(Excerpts from a dataset)
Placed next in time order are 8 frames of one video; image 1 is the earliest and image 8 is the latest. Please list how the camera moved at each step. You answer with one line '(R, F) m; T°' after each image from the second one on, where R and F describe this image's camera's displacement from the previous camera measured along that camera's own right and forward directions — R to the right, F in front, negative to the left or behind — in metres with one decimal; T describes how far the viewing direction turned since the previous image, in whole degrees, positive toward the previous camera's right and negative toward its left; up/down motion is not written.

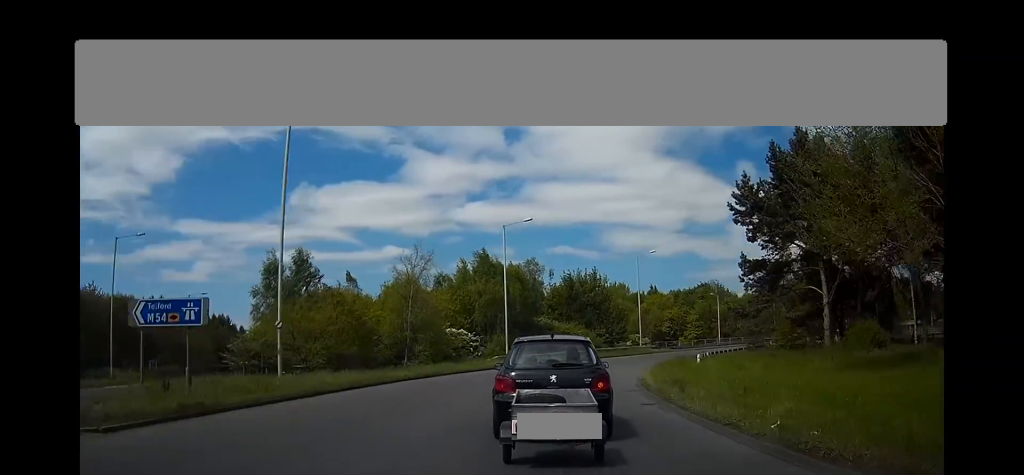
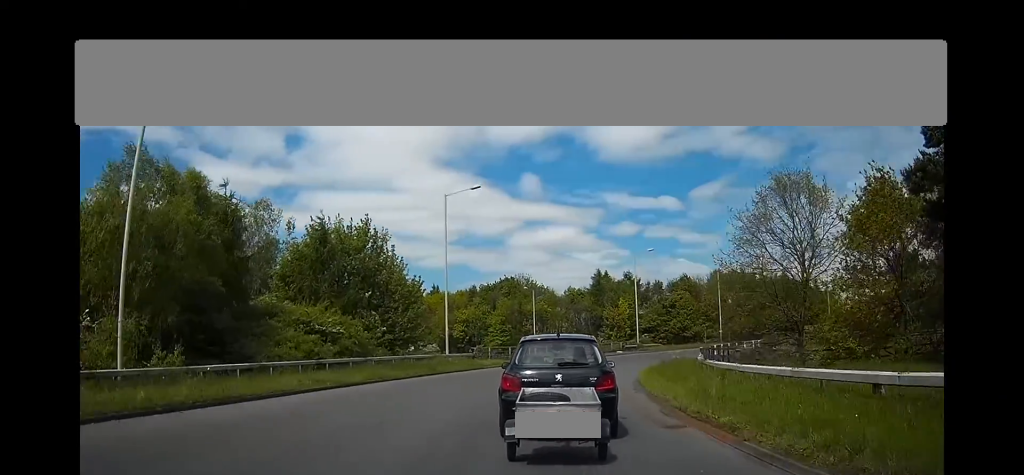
(+5.9, +35.4) m; +19°
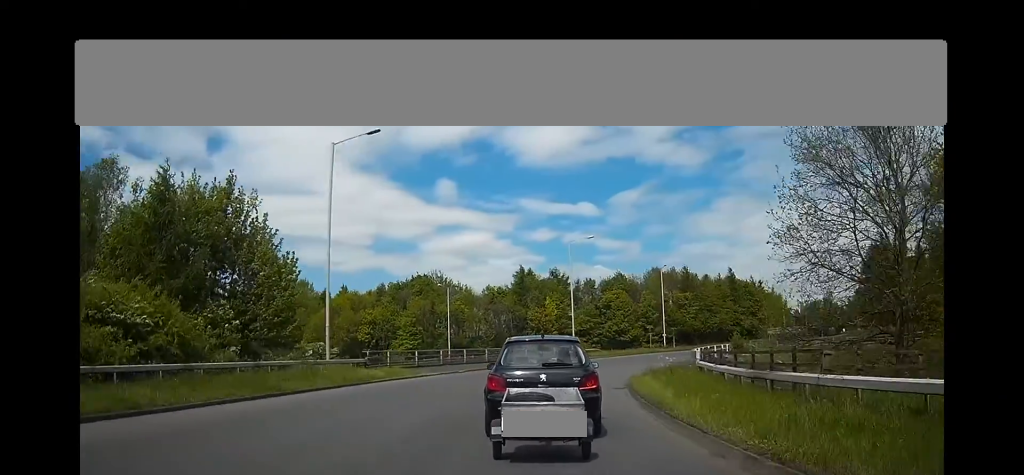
(+1.1, +12.5) m; +7°
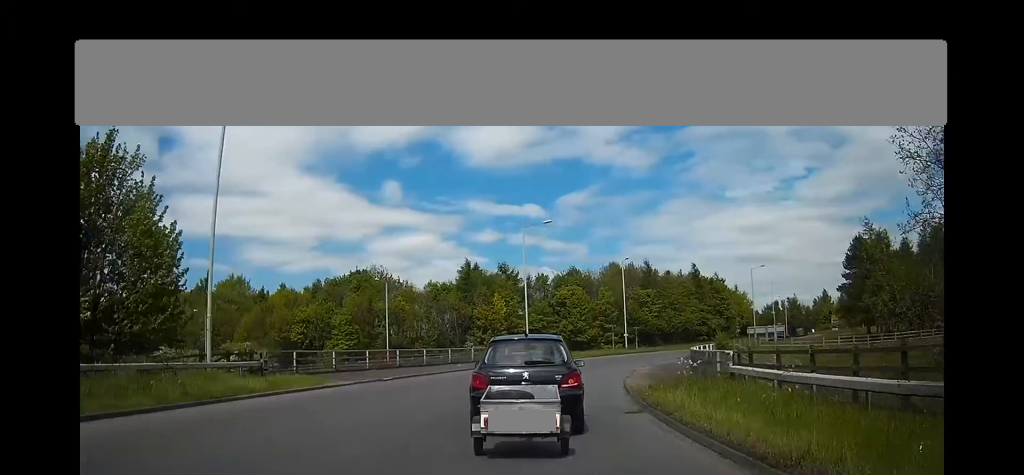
(0.0, +8.5) m; +5°
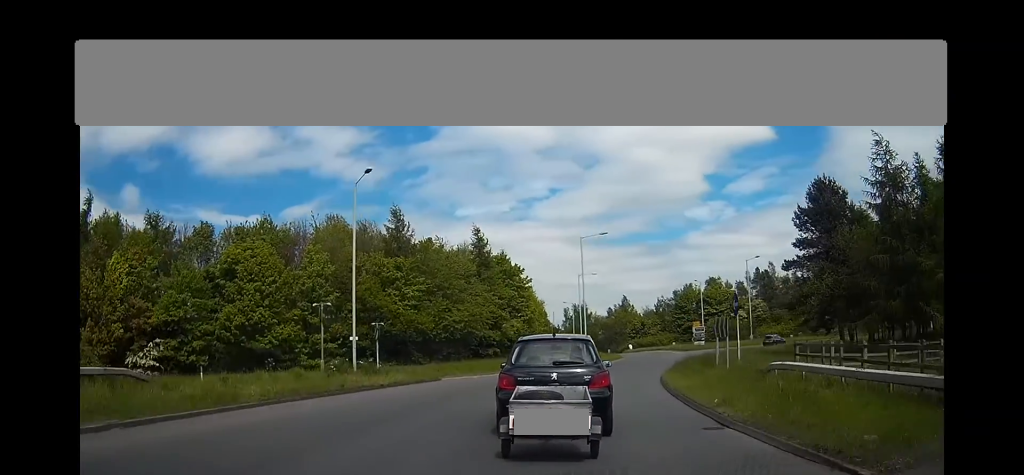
(+12.2, +43.2) m; +31°
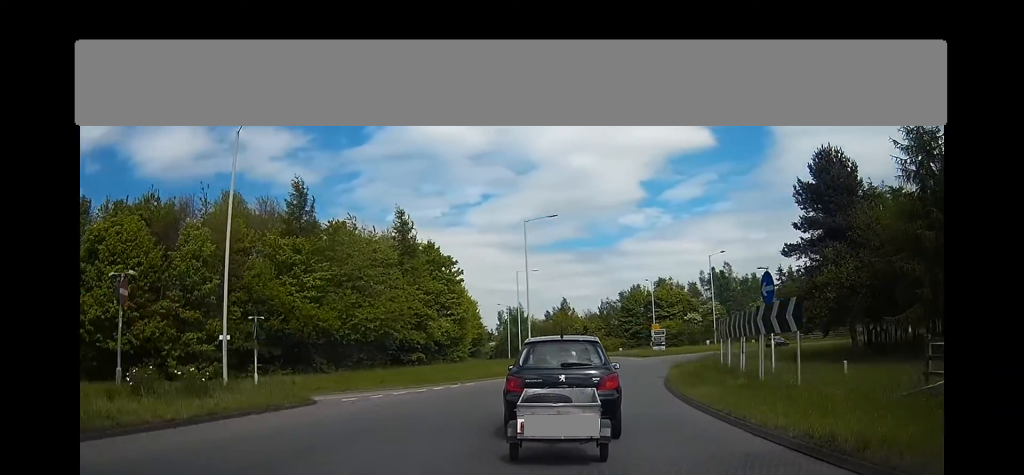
(+0.5, +10.4) m; +7°
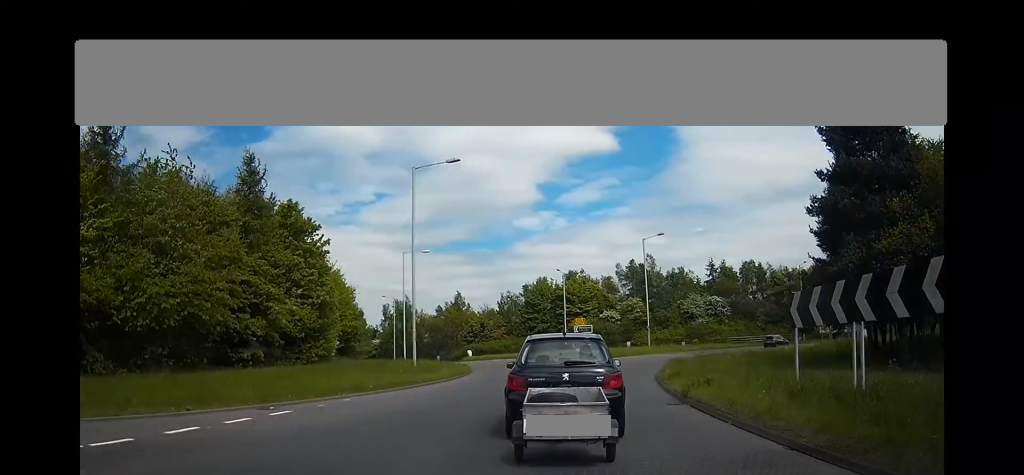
(+1.6, +14.9) m; +10°
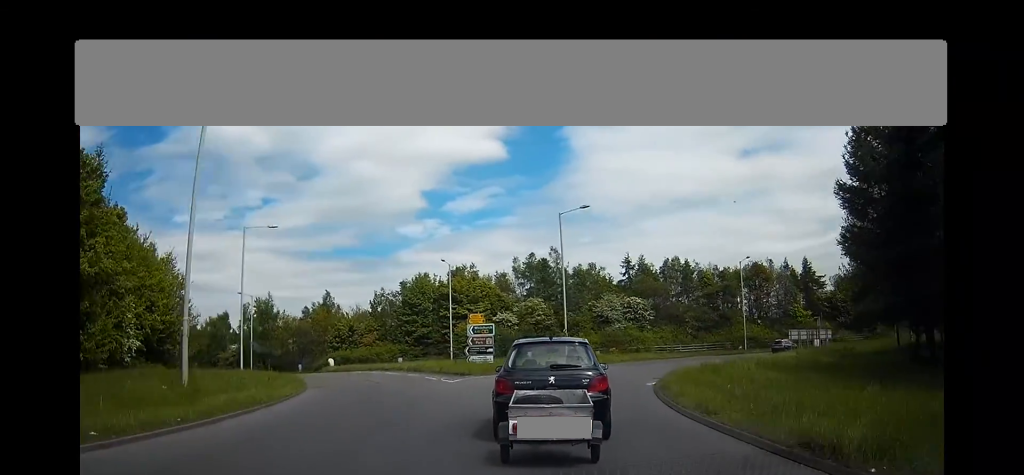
(+1.6, +16.9) m; +11°
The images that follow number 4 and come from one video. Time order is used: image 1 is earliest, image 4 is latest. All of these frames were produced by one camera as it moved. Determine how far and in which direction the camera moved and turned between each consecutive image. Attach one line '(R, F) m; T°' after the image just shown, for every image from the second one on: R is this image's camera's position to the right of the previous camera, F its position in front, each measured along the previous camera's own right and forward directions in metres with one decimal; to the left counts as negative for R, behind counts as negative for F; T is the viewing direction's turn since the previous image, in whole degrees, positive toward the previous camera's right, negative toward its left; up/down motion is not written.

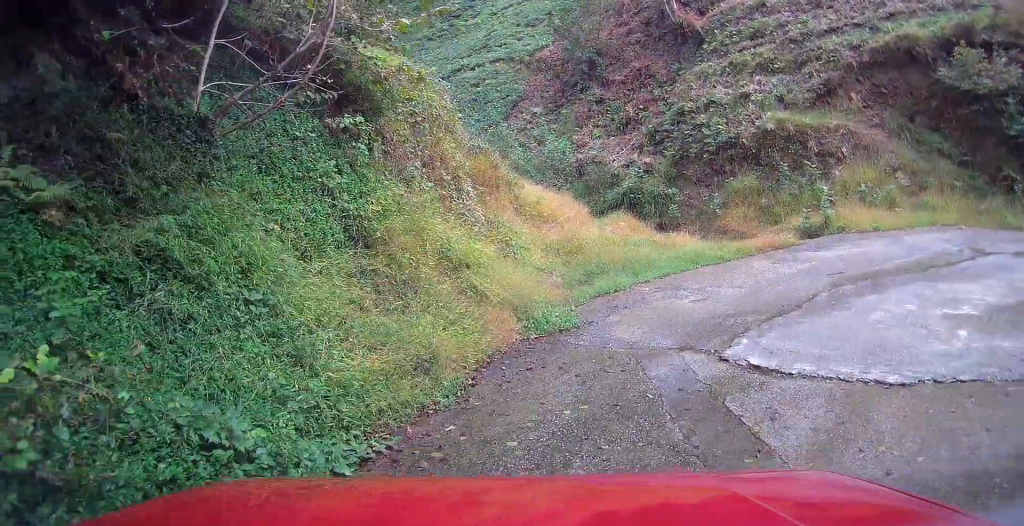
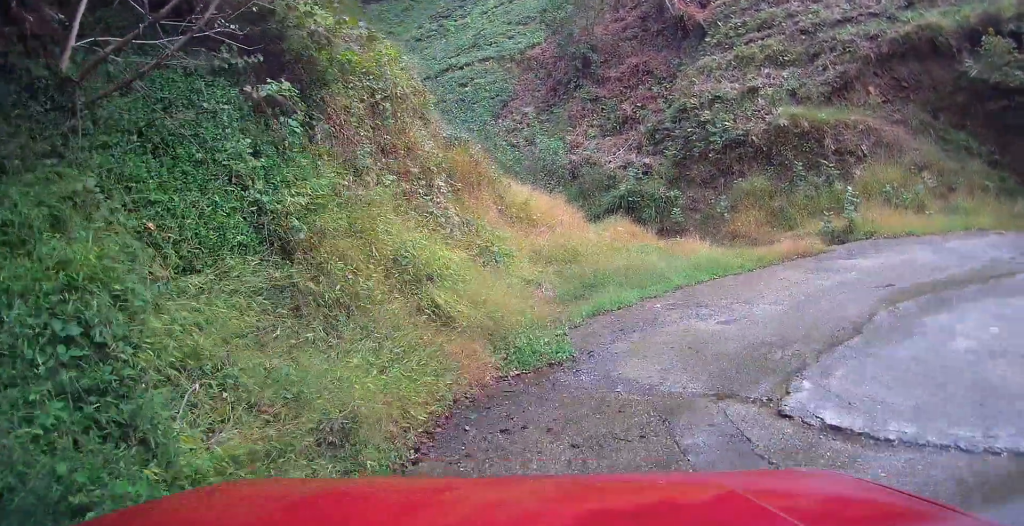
(0.0, +2.1) m; +3°
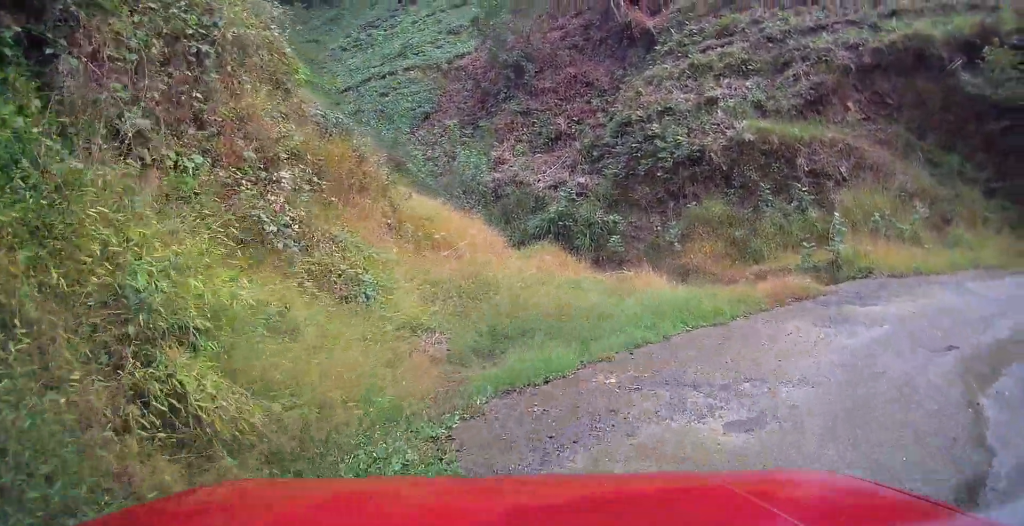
(+0.1, +3.5) m; +10°
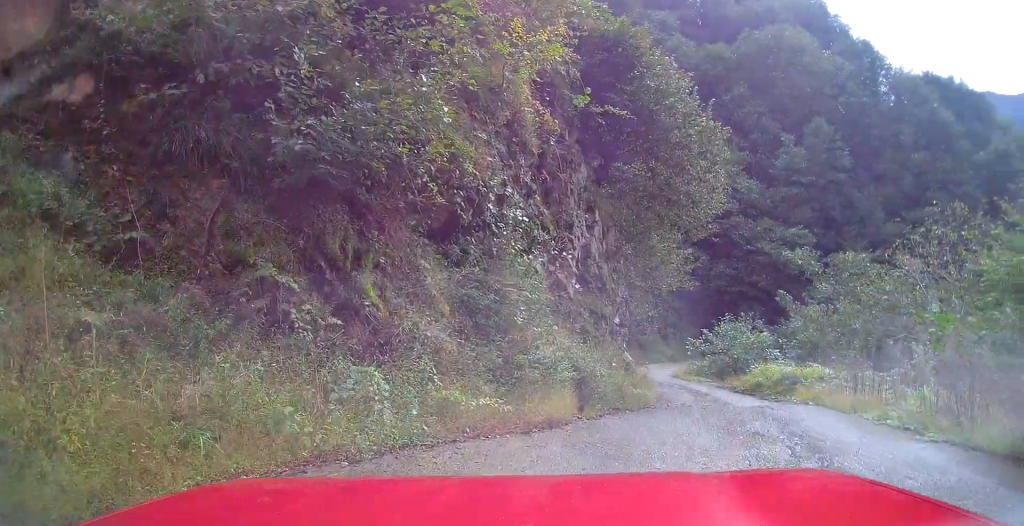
(+3.9, +10.5) m; +51°

=== PROBLEM ===
Exclude the pictures, then retype every record exactly.

=== ANSWER BELOW ===
Placed next in time order are 8 frames of one video; image 1 is the earliest and image 8 is the latest. Please list how the camera moved at each step. You answer with one line '(R, F) m; T°' after each image from the second one on, where R and F describe this image's camera's displacement from the previous camera measured along that camera's own right and forward directions — R to the right, F in front, negative to the left or behind — in metres with one decimal; T describes how far the viewing direction turned since the previous image, in whole degrees, positive toward the previous camera's right and negative toward its left; up/down motion is not written.

(+5.9, +35.4) m; +19°
(+1.1, +12.5) m; +7°
(0.0, +8.5) m; +5°
(+12.2, +43.2) m; +31°
(+0.5, +10.4) m; +7°
(+1.6, +14.9) m; +10°
(+1.6, +16.9) m; +11°
The images that follow number 4 and come from one video. Time order is used: image 1 is earliest, image 4 is latest. All of these frames were produced by one camera as it moved. Determine how far and in which direction the camera moved and turned between each consecutive image. Attach one line '(R, F) m; T°' after the image just shown, for every image from the second one on: R is this image's camera's position to the right of the previous camera, F its position in front, each measured along the previous camera's own right and forward directions in metres with one decimal; to the left counts as negative for R, behind counts as negative for F; T is the viewing direction's turn since the previous image, in whole degrees, positive toward the previous camera's right, negative toward its left; up/down motion is not written.

(0.0, +2.1) m; +3°
(+0.1, +3.5) m; +10°
(+3.9, +10.5) m; +51°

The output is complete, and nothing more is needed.